EXERCISE DETAILS: Could you copy the records below exactly, leaving out any pictures they include?

STORED DATA:
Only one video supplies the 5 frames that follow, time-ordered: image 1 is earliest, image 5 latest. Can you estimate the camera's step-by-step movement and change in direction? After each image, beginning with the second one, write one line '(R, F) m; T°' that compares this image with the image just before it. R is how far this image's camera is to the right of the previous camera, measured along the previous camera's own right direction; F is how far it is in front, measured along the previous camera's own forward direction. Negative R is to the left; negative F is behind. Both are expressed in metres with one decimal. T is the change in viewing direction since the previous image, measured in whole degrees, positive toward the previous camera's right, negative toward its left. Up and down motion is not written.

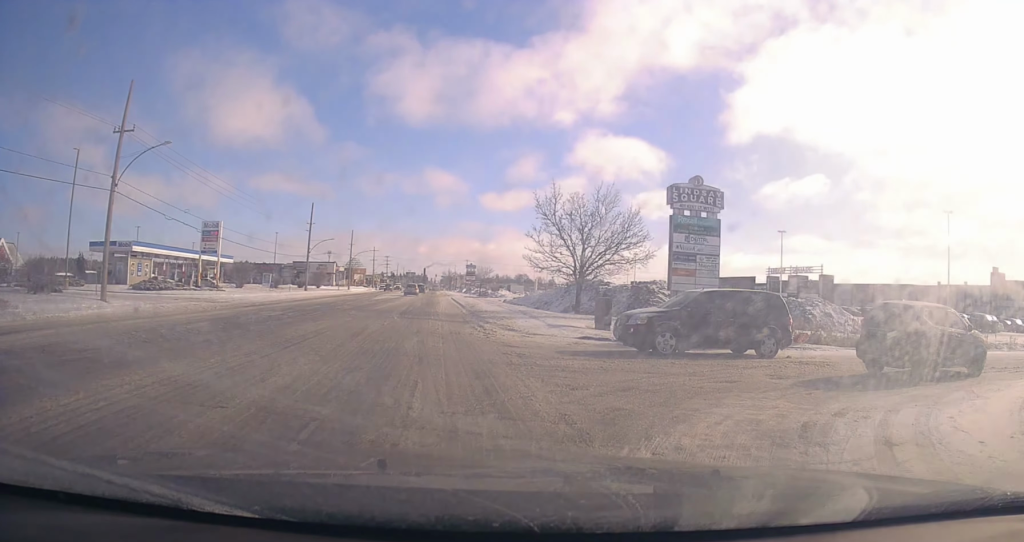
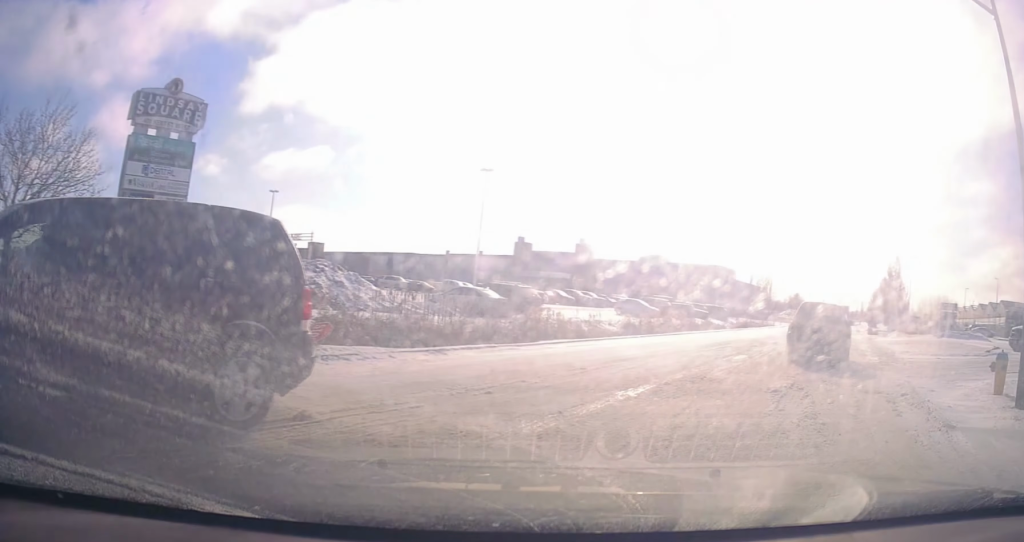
(+3.1, +11.6) m; +50°
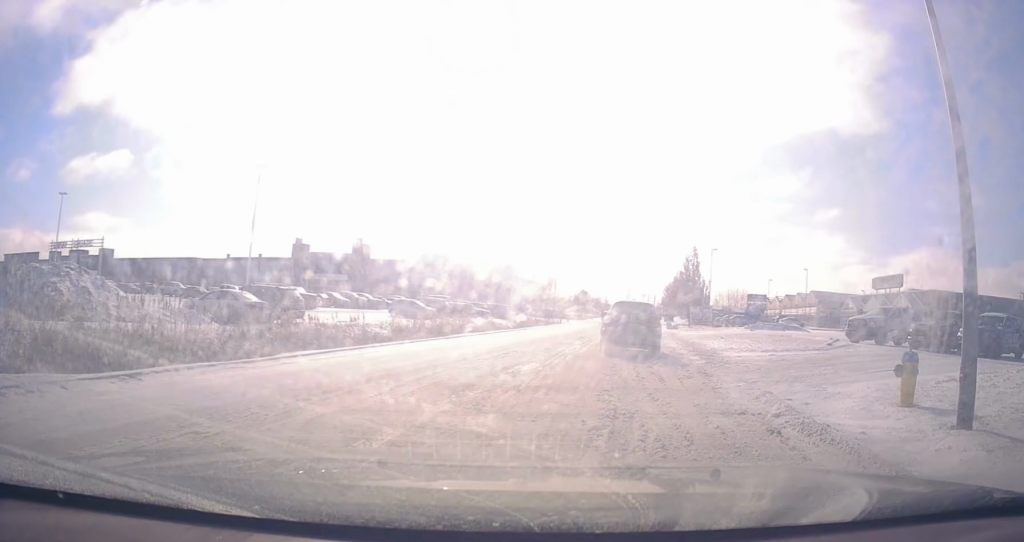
(+0.9, +3.2) m; +16°
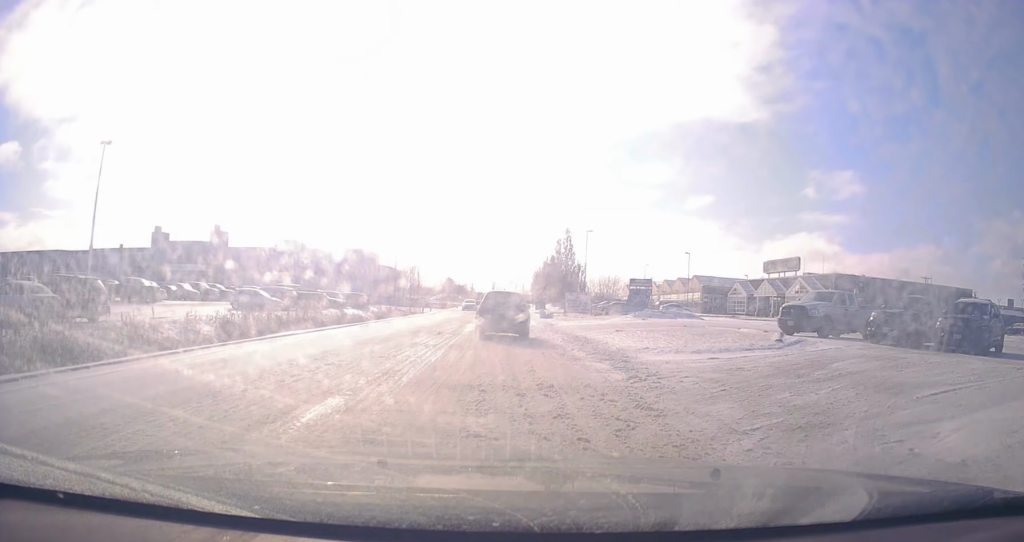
(+0.6, +5.6) m; +15°
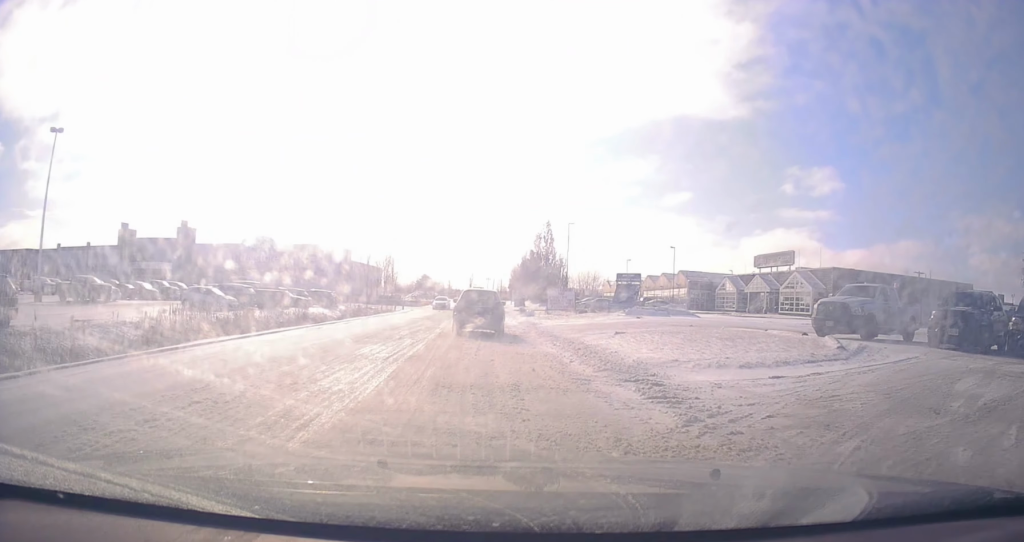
(+0.5, +3.9) m; +2°

ANSWER BOX:
Only one video supplies the 5 frames that follow, time-ordered: image 1 is earliest, image 5 latest. Can you estimate the camera's step-by-step movement and change in direction? After each image, beginning with the second one, write one line '(R, F) m; T°' that compares this image with the image just before it. R is how far this image's camera is to the right of the previous camera, measured along the previous camera's own right direction; F is how far it is in front, measured along the previous camera's own forward direction. Negative R is to the left; negative F is behind. Both are expressed in metres with one decimal. T is the change in viewing direction since the previous image, measured in whole degrees, positive toward the previous camera's right, negative toward its left. Up and down motion is not written.

(+3.1, +11.6) m; +50°
(+0.9, +3.2) m; +16°
(+0.6, +5.6) m; +15°
(+0.5, +3.9) m; +2°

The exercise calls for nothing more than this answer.